Ignoring every picture, return the lines of the listing below word for word, from the line that holds "Orientation: coronal" through the line that holds "Nodule present: no".
____
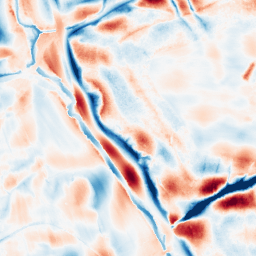
Category: wavelet
Decomposition family: wavelet_biorthogonal
Decomposition parameters: wavelet: bior3.5
level: 5
Upsampling method: regularized
Upsampling parameters: scale: 2
lambda_reg: 0.01
Upsampling scale: 2
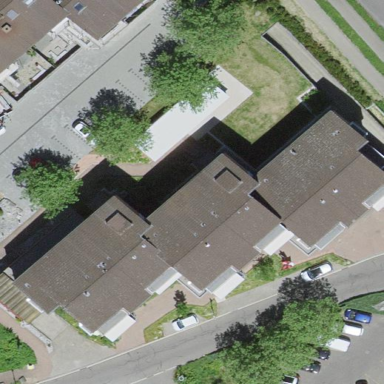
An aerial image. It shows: Gabled roof on building that houses apartments.
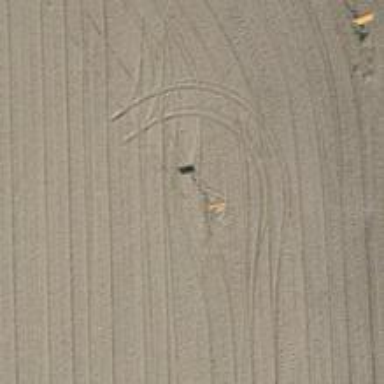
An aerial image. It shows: Pole with roof-covered pipeline marker.
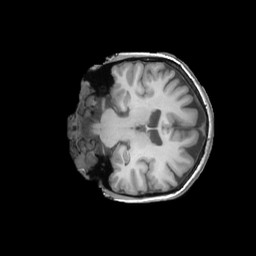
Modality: T1w
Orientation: coronal
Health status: ill
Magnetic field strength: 3 T
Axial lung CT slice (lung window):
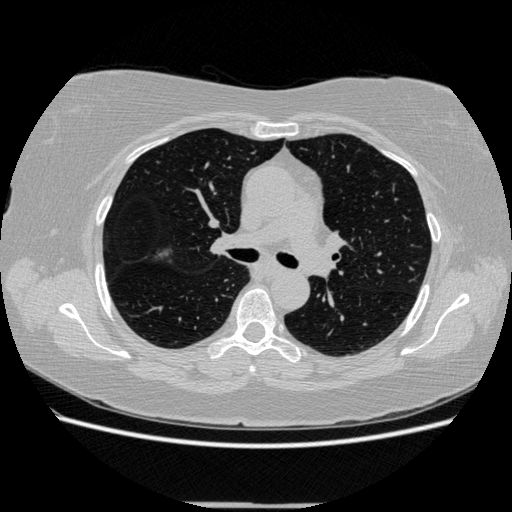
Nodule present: no
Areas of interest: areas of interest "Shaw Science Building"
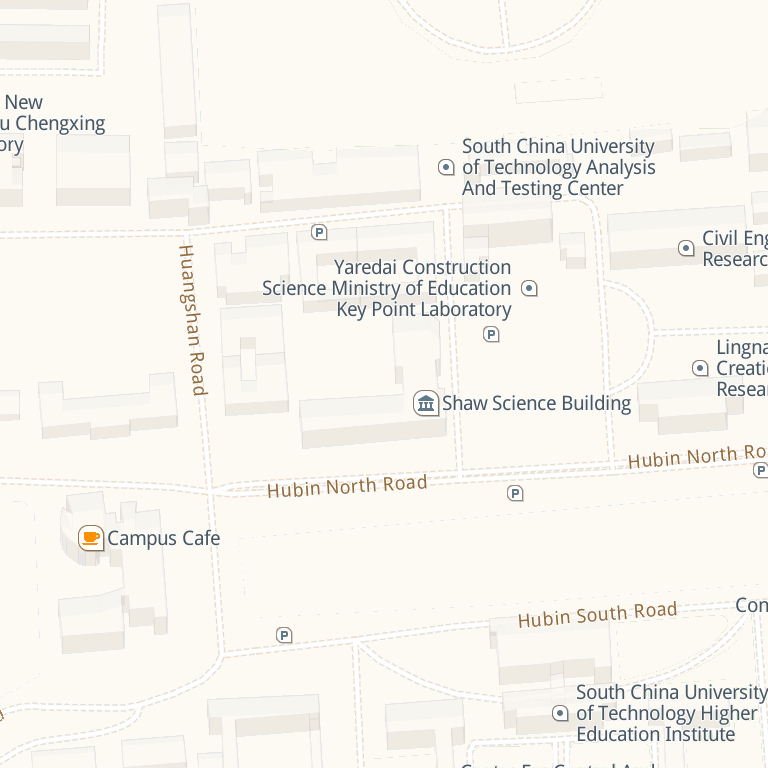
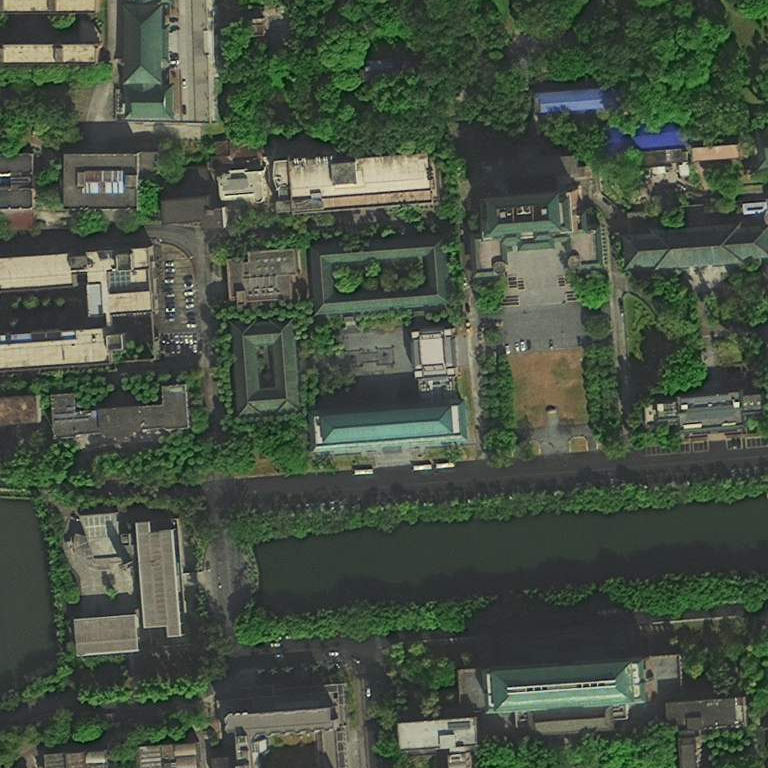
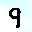
Label: 9
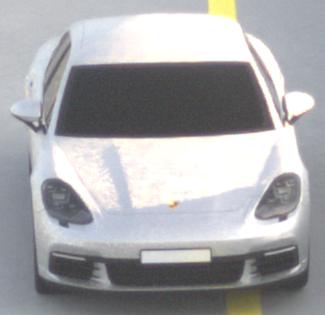
Make: Porsche
Model: Panamera
Detailed model: Panamera (971)
Model produced from: 2016/11
Model produced until: 2018/08
Doors: 5
Color: white
Road condition: dry road
Daytime: sunrise or sunset
Contrast: low contrast
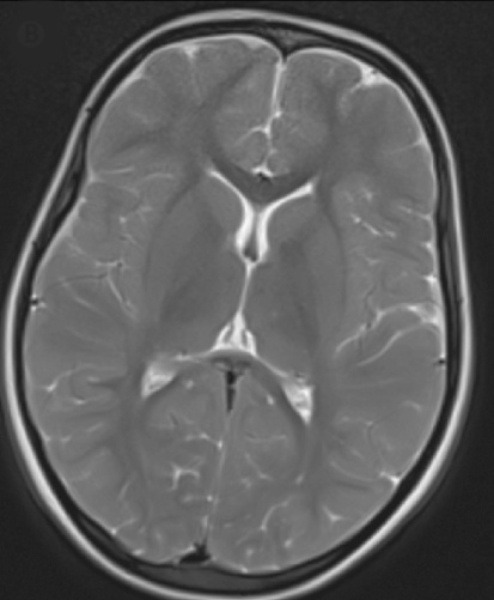
Label: notumor
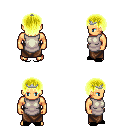
a pixel art fantasy rpg character, male body template, human, tanned skin, white tunic, robe skirt, gold plain hairstyle, silver tiara, black slippers, four views (front, back, left, right), 2x2 character sprite sheet, small pixel art, hard edges, no anti-aliasing
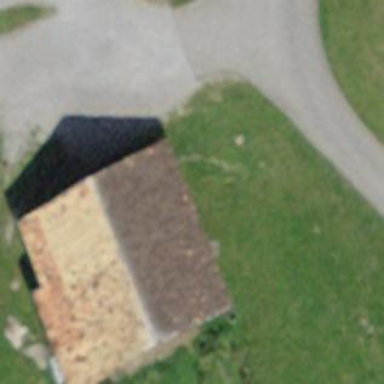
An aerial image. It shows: Rural barn.
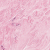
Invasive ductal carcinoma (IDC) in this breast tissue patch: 0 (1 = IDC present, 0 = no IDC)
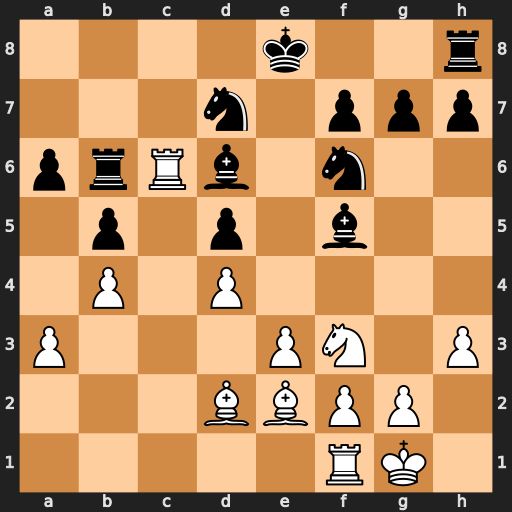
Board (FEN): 4k2r/3n1ppp/prRb1n2/1p1p1b2/1P1P4/P3PN1P/3BBPP1/5RK1
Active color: w
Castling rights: k
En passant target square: -
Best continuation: Rc8+ Ke7 Rxh8
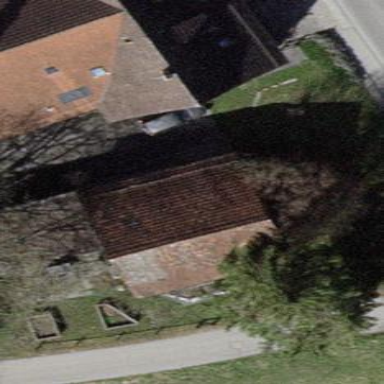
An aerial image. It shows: Shed.
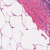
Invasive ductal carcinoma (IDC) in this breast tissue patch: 0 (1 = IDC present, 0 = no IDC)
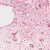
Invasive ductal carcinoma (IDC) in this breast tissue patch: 0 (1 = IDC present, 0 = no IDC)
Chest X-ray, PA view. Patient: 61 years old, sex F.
____
◆ **Exercise output**
Orientation: coronal
Health status: ill
Magnetic field strength: 3 T
Axial lung CT slice (lung window):
Nodule present: no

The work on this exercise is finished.